Your instructions: Give back the records below exactly, every one, with no pictures.

*** Opening of Source data ***

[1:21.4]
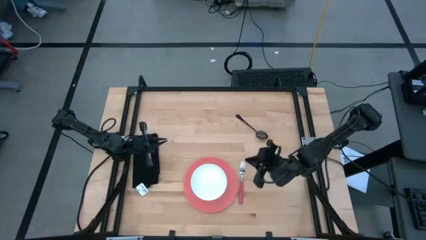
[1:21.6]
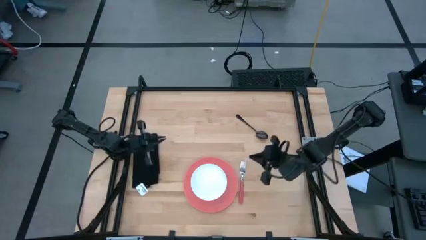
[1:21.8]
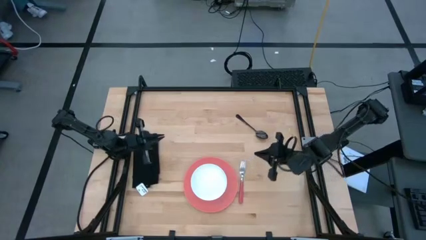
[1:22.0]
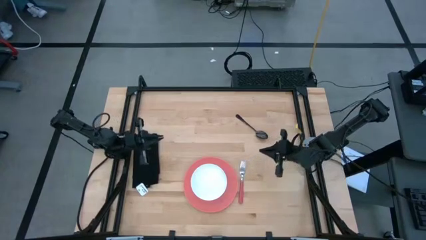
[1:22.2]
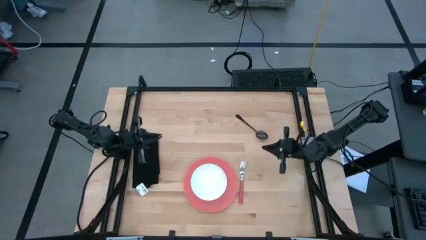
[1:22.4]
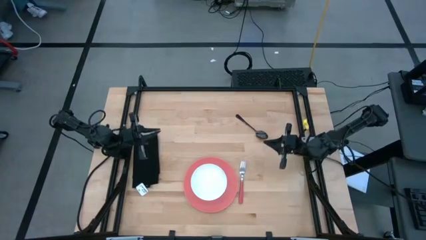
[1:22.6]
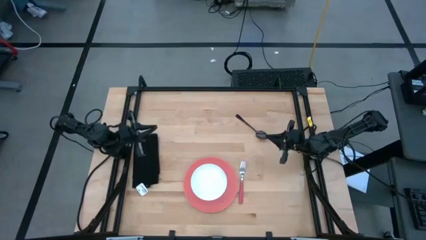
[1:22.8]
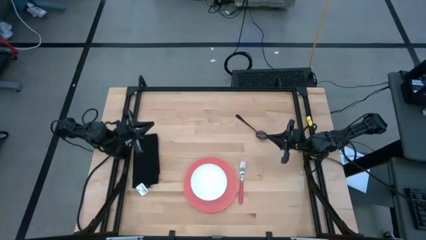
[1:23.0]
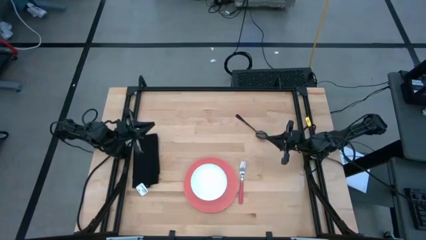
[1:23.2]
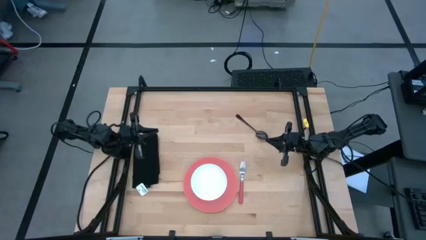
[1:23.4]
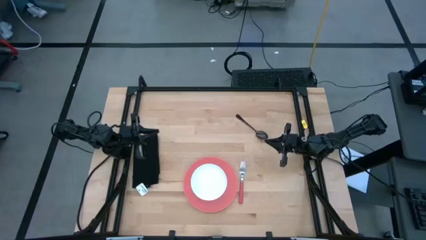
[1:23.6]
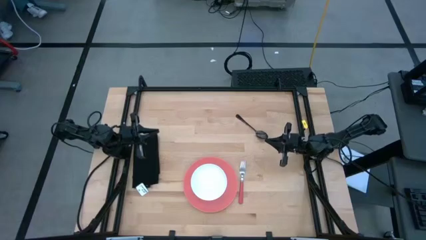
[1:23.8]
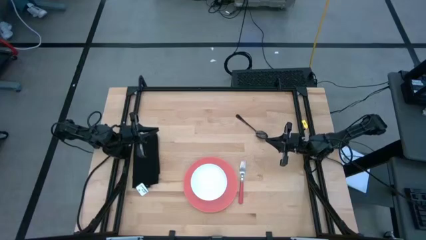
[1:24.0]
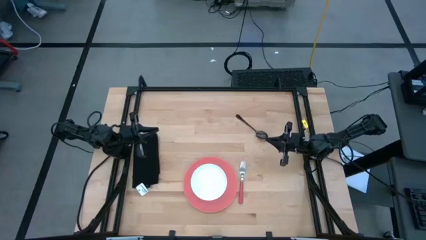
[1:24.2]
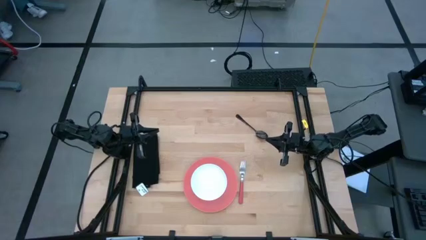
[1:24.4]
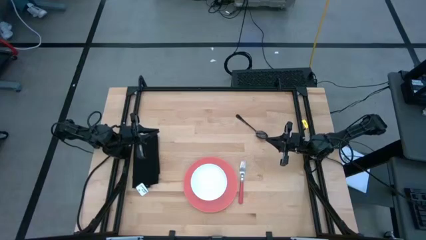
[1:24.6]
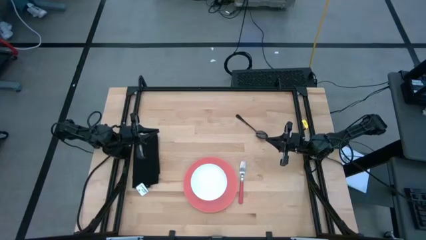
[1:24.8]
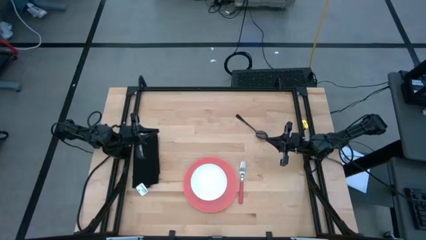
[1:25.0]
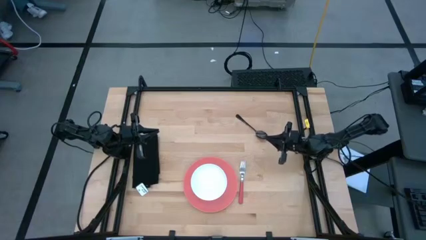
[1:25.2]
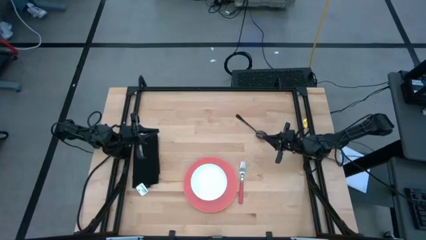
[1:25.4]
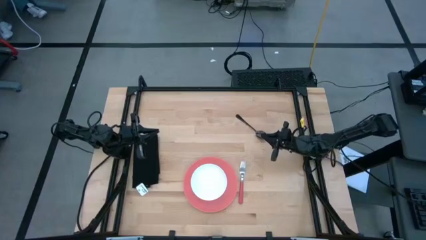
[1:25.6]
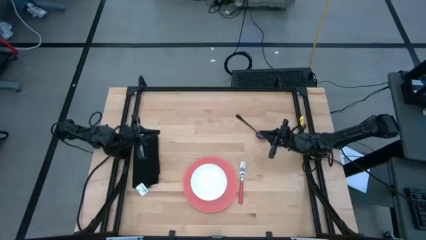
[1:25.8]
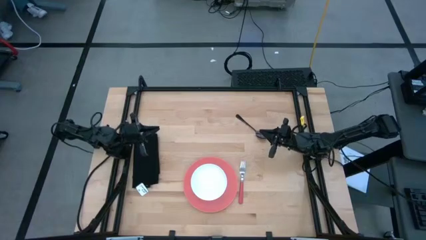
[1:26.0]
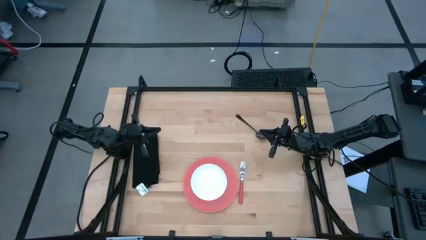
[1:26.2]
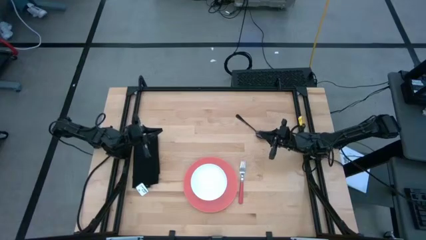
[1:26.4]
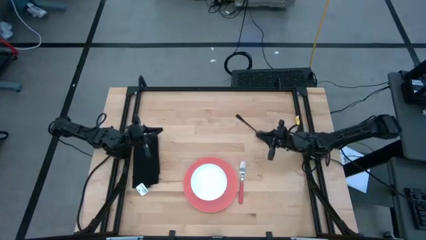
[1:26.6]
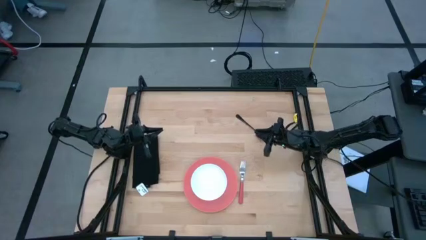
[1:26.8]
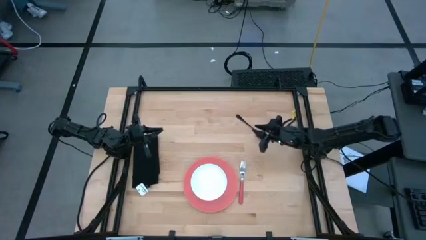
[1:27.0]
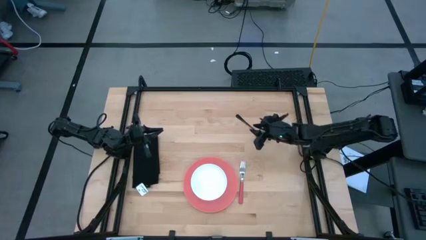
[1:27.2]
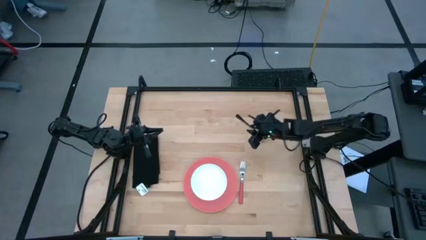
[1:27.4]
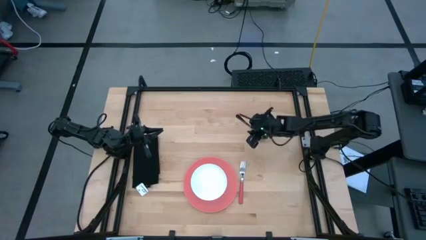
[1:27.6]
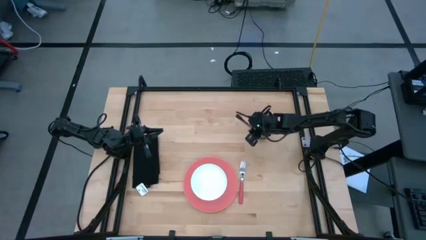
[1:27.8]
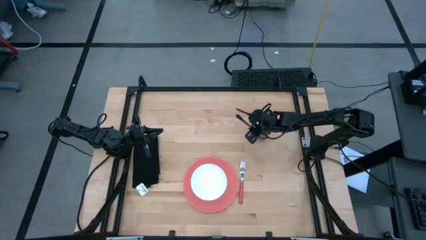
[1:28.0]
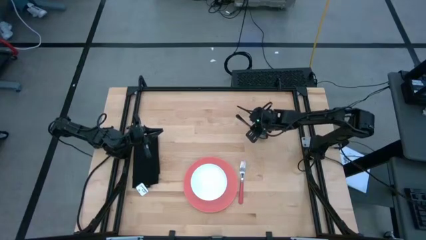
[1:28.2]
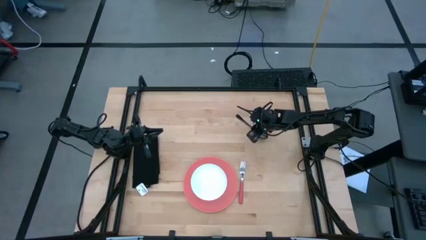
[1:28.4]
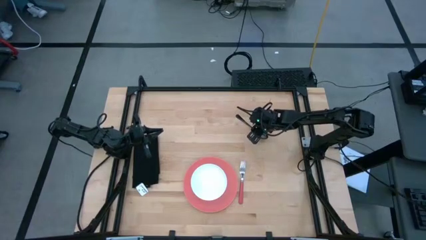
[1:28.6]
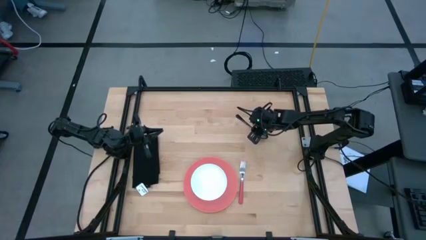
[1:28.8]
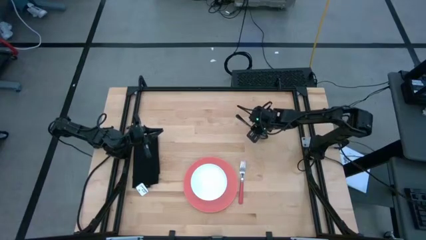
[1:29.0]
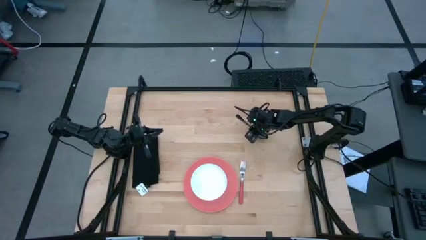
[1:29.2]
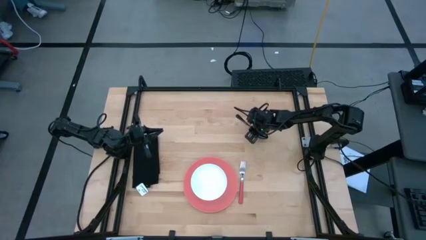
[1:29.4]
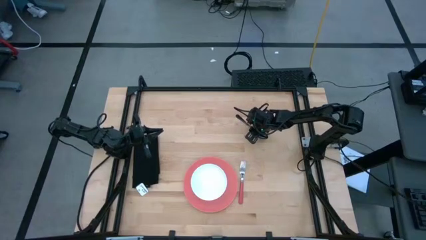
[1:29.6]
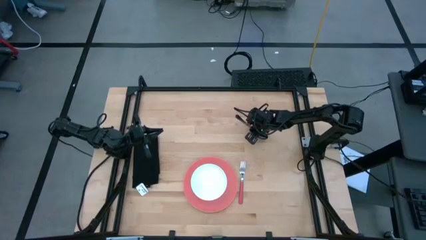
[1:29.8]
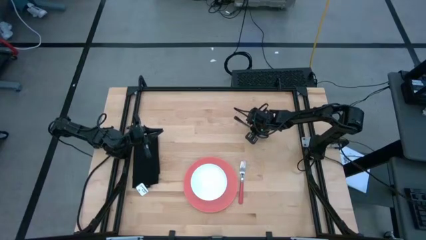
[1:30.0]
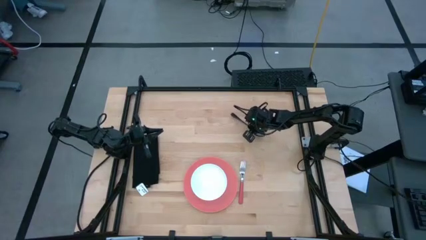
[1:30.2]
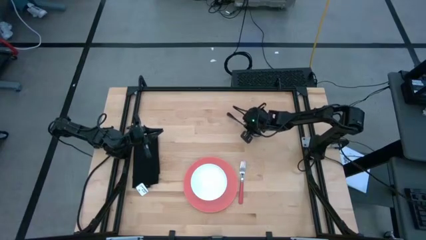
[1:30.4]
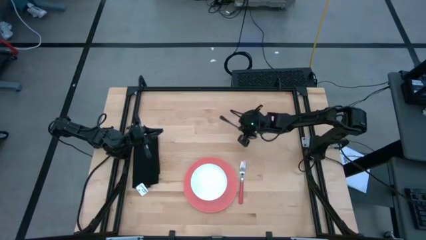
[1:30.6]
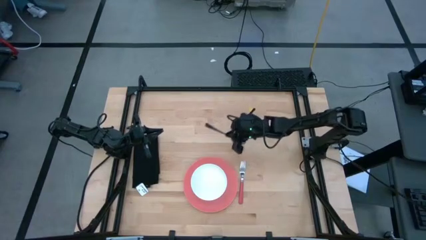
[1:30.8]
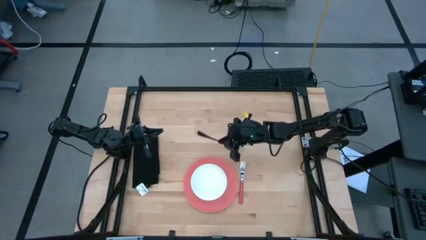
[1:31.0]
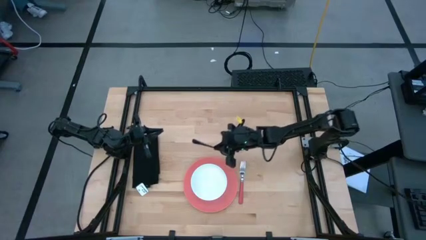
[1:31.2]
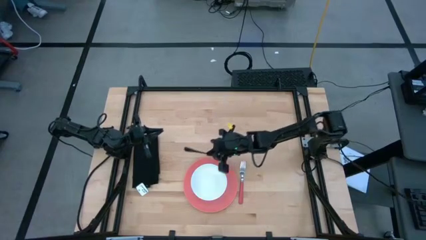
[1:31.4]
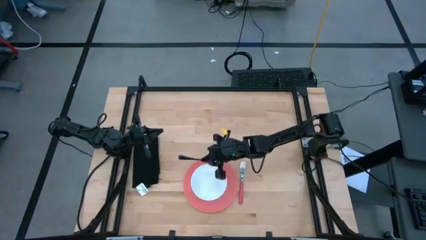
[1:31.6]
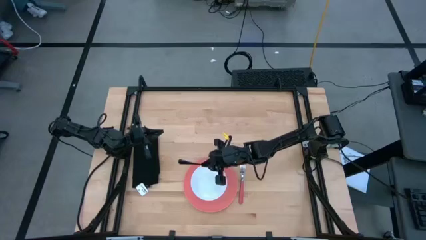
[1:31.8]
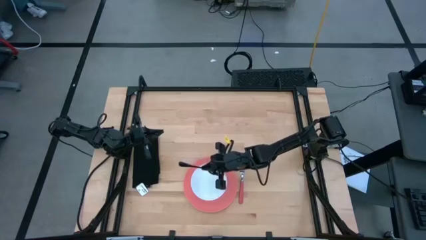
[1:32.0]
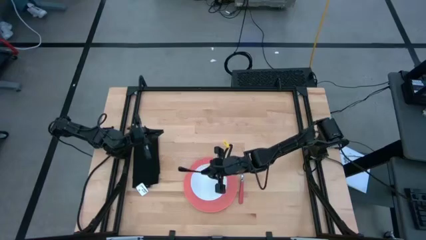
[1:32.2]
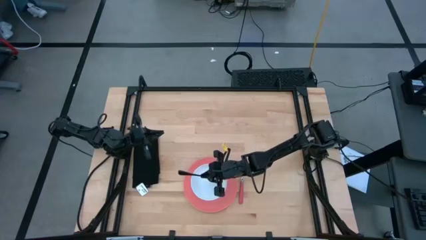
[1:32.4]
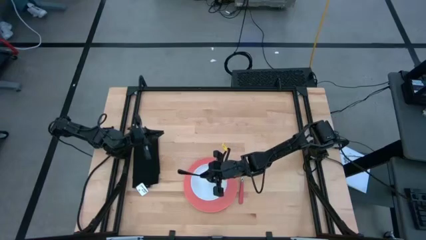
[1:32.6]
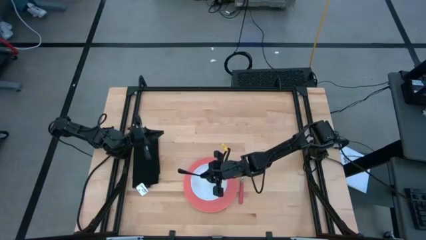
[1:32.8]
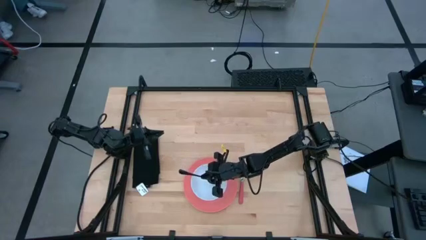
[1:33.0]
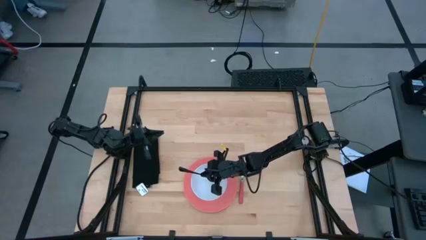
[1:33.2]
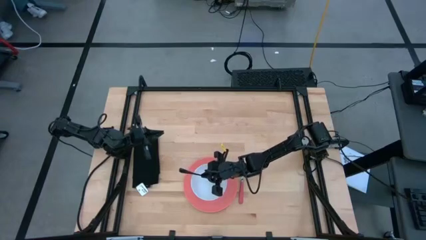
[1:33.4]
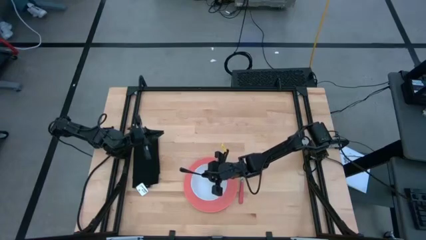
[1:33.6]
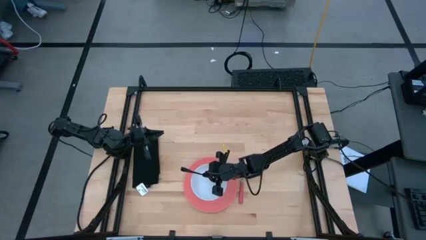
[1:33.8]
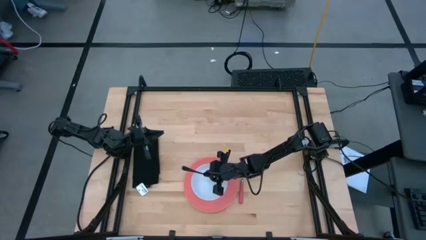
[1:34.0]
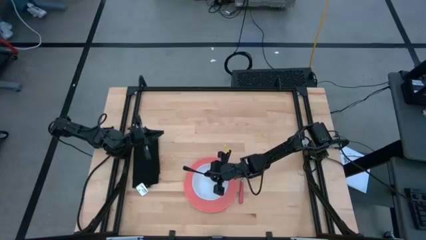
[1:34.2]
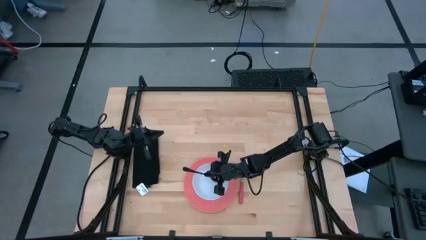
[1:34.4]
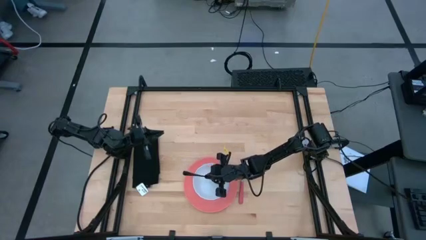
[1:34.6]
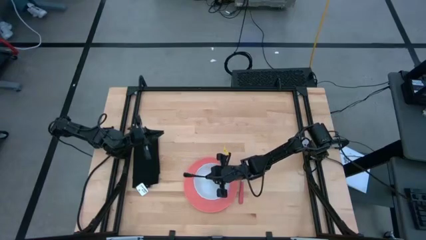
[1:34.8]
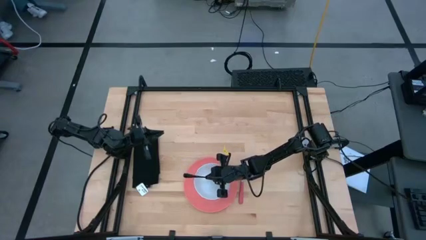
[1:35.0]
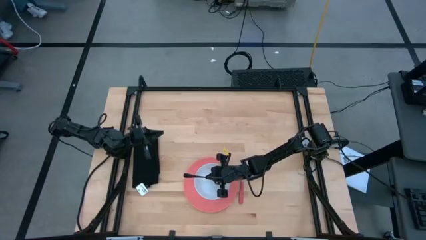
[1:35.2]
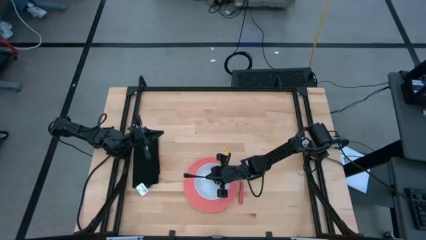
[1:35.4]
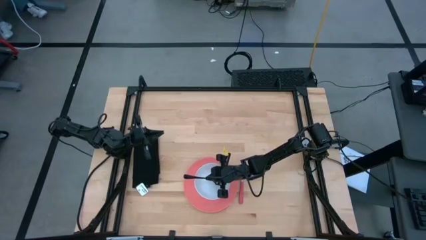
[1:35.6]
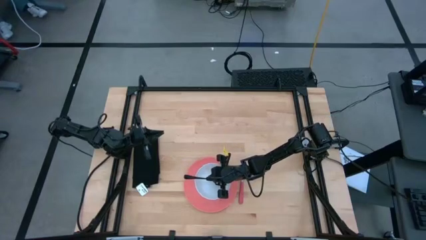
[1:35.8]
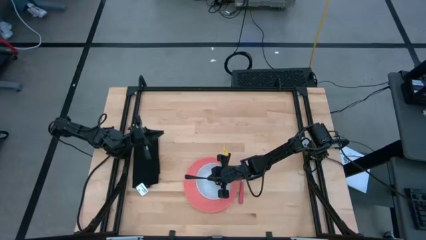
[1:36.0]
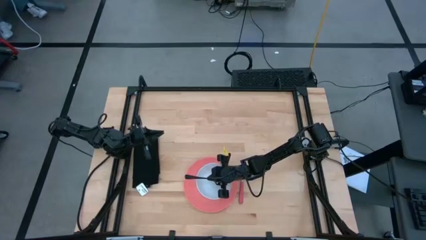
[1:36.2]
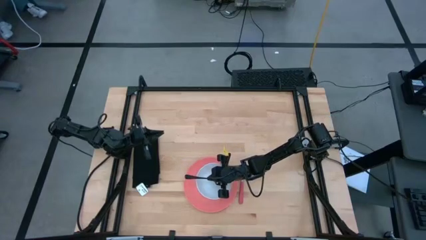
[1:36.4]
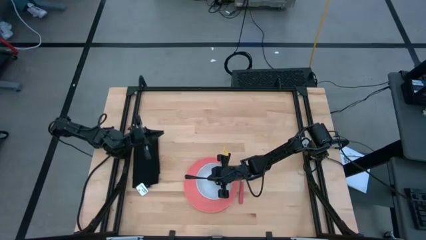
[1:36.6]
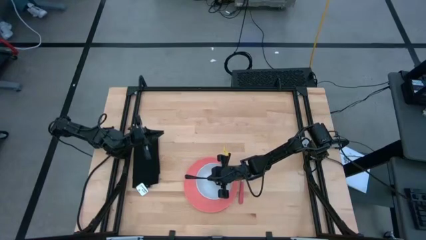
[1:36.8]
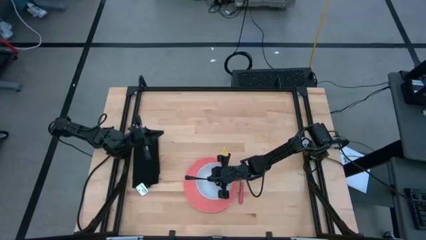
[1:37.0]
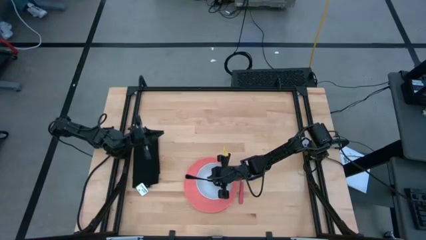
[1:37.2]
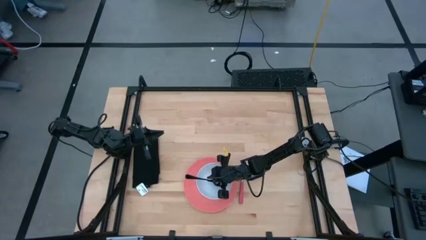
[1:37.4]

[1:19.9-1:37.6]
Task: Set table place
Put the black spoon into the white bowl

*** Close of Source data ***

Exercise answer:
[1:21.4]
[1:21.6]
[1:21.8]
[1:22.0]
[1:22.2]
[1:22.4]
[1:22.6]
[1:22.8]
[1:23.0]
[1:23.2]
[1:23.4]
[1:23.6]
[1:23.8]
[1:24.0]
[1:24.2]
[1:24.4]
[1:24.6]
[1:24.8]
[1:25.0]
[1:25.2]
[1:25.4]
[1:25.6]
[1:25.8]
[1:26.0]
[1:26.2]
[1:26.4]
[1:26.6]
[1:26.8]
[1:27.0]
[1:27.2]
[1:27.4]
[1:27.6]
[1:27.8]
[1:28.0]
[1:28.2]
[1:28.4]
[1:28.6]
[1:28.8]
[1:29.0]
[1:29.2]
[1:29.4]
[1:29.6]
[1:29.8]
[1:30.0]
[1:30.2]
[1:30.4]
[1:30.6]
[1:30.8]
[1:31.0]
[1:31.2]
[1:31.4]
[1:31.6]
[1:31.8]
[1:32.0]
[1:32.2]
[1:32.4]
[1:32.6]
[1:32.8]
[1:33.0]
[1:33.2]
[1:33.4]
[1:33.6]
[1:33.8]
[1:34.0]
[1:34.2]
[1:34.4]
[1:34.6]
[1:34.8]
[1:35.0]
[1:35.2]
[1:35.4]
[1:35.6]
[1:35.8]
[1:36.0]
[1:36.2]
[1:36.4]
[1:36.6]
[1:36.8]
[1:37.0]
[1:37.2]
[1:37.4]

[1:19.9-1:37.6]
Task: Set table place
Put the black spoon into the white bowl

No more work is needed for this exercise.